Without the pictures, copy all the entries below exactly.

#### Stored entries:
- - - - - - -
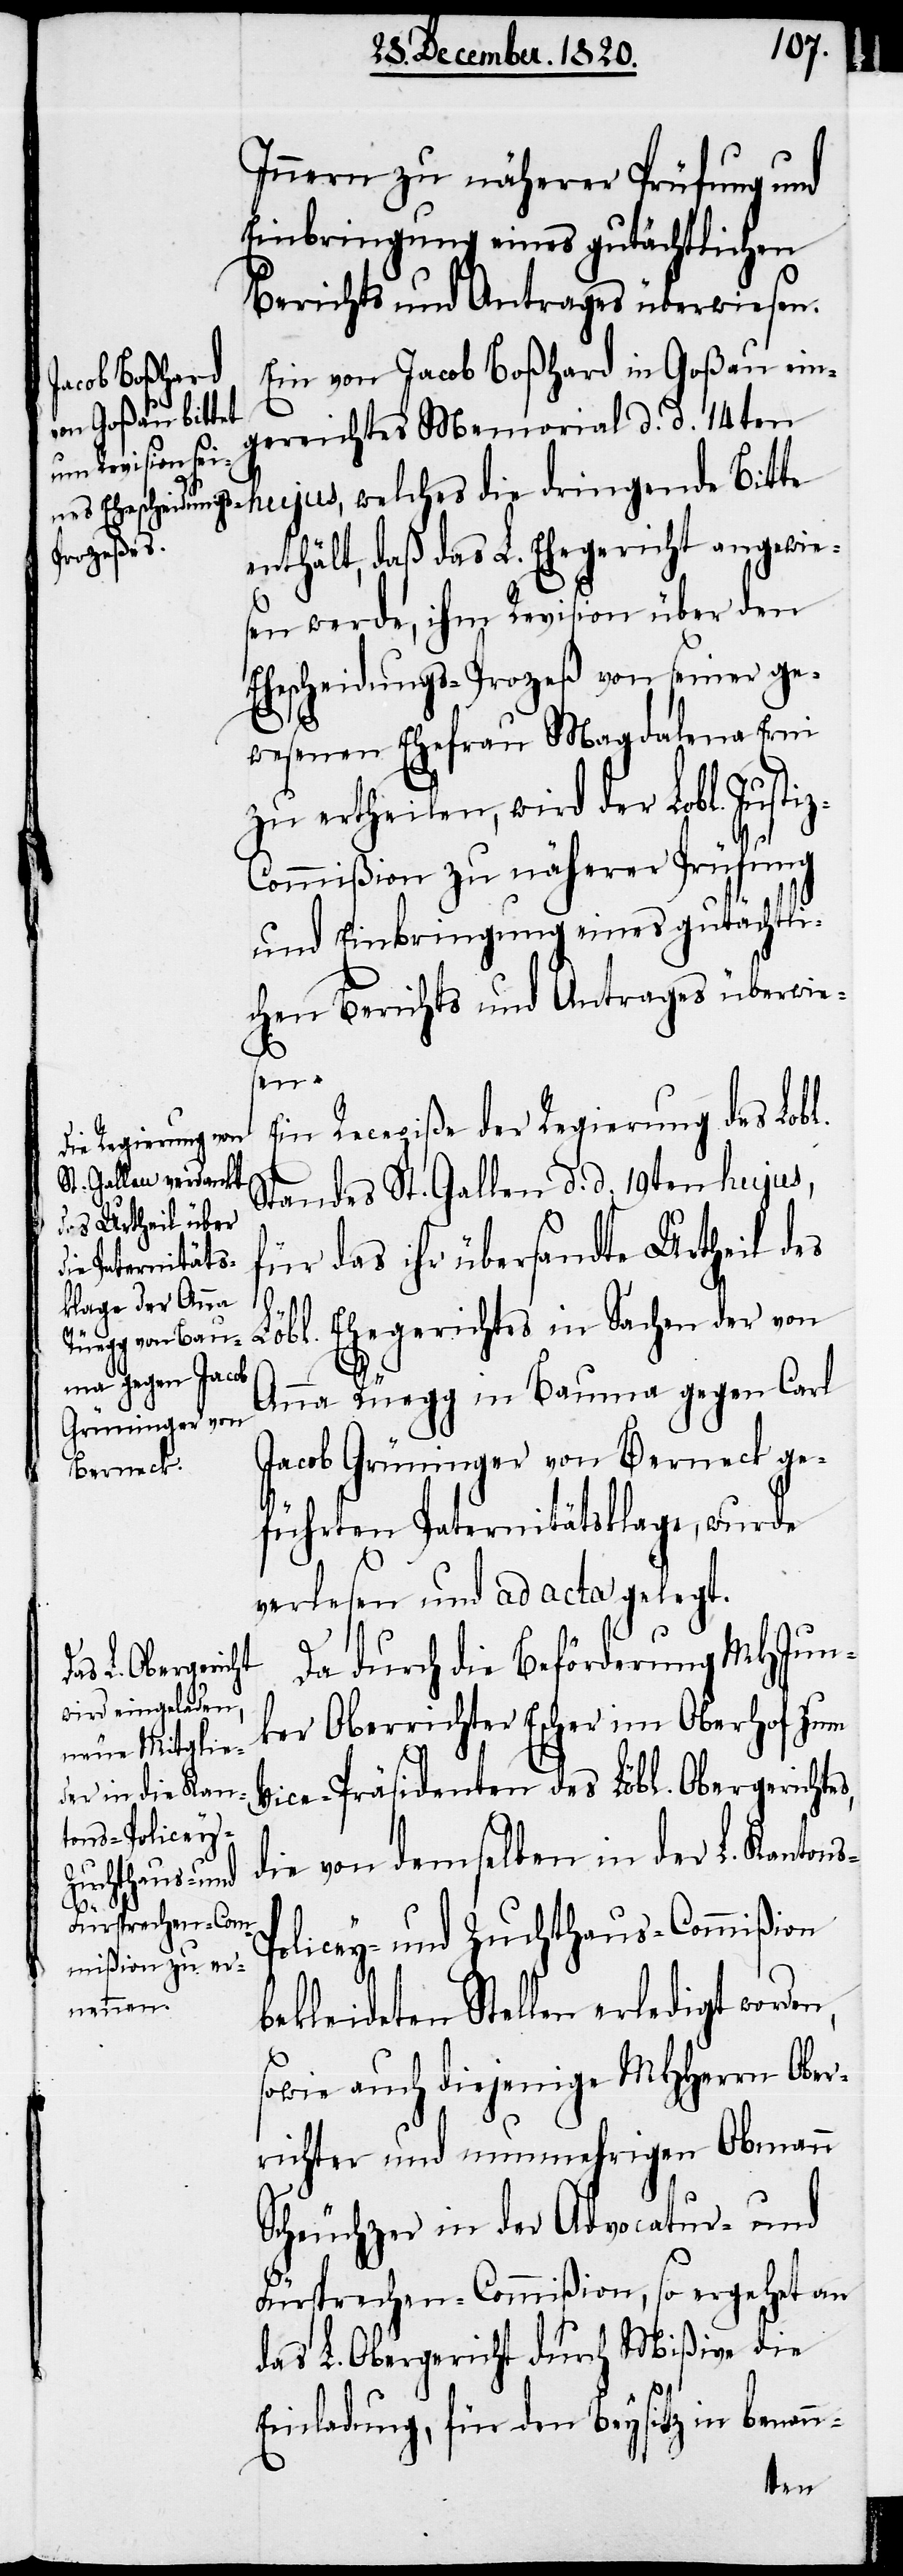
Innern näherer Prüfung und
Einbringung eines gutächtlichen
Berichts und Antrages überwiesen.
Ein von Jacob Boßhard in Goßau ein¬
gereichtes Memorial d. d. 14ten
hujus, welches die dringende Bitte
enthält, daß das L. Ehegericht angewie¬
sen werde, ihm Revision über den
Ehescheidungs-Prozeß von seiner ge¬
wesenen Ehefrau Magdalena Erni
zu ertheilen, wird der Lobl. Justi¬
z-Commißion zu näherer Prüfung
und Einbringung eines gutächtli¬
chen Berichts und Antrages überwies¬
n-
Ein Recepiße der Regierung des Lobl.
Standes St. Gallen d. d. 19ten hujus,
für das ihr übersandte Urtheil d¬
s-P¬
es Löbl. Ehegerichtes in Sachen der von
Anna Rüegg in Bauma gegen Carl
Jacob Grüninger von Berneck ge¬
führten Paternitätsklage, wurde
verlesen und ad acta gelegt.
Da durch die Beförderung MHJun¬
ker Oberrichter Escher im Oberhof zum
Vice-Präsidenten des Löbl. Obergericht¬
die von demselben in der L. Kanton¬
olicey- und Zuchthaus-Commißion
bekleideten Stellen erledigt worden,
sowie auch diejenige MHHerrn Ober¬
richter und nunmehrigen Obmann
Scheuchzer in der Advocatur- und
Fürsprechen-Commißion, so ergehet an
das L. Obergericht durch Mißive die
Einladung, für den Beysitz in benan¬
- - - - - - -
#### Result of the exercise:
Innern näherer Prüfung und
Einbringung eines gutächtlichen
Berichts und Antrages überwiesen.
Ein von Jacob Boßhard in Goßau ein¬
gereichtes Memorial d. d. 14ten
hujus, welches die dringende Bitte
enthält, daß das L. Ehegericht angewie¬
sen werde, ihm Revision über den
Ehescheidungs-Prozeß von seiner ge¬
wesenen Ehefrau Magdalena Erni
zu ertheilen, wird der Lobl. Justi¬
z-Commißion zu näherer Prüfung
und Einbringung eines gutächtli¬
chen Berichts und Antrages überwies¬
n-
Ein Recepiße der Regierung des Lobl.
Standes St. Gallen d. d. 19ten hujus,
für das ihr übersandte Urtheil d¬
s-P¬
es Löbl. Ehegerichtes in Sachen der von
Anna Rüegg in Bauma gegen Carl
Jacob Grüninger von Berneck ge¬
führten Paternitätsklage, wurde
verlesen und ad acta gelegt.
Da durch die Beförderung MHJun¬
ker Oberrichter Escher im Oberhof zum
Vice-Präsidenten des Löbl. Obergericht¬
die von demselben in der L. Kanton¬
olicey- und Zuchthaus-Commißion
bekleideten Stellen erledigt worden,
sowie auch diejenige MHHerrn Ober¬
richter und nunmehrigen Obmann
Scheuchzer in der Advocatur- und
Fürsprechen-Commißion, so ergehet an
das L. Obergericht durch Mißive die
Einladung, für den Beysitz in benan¬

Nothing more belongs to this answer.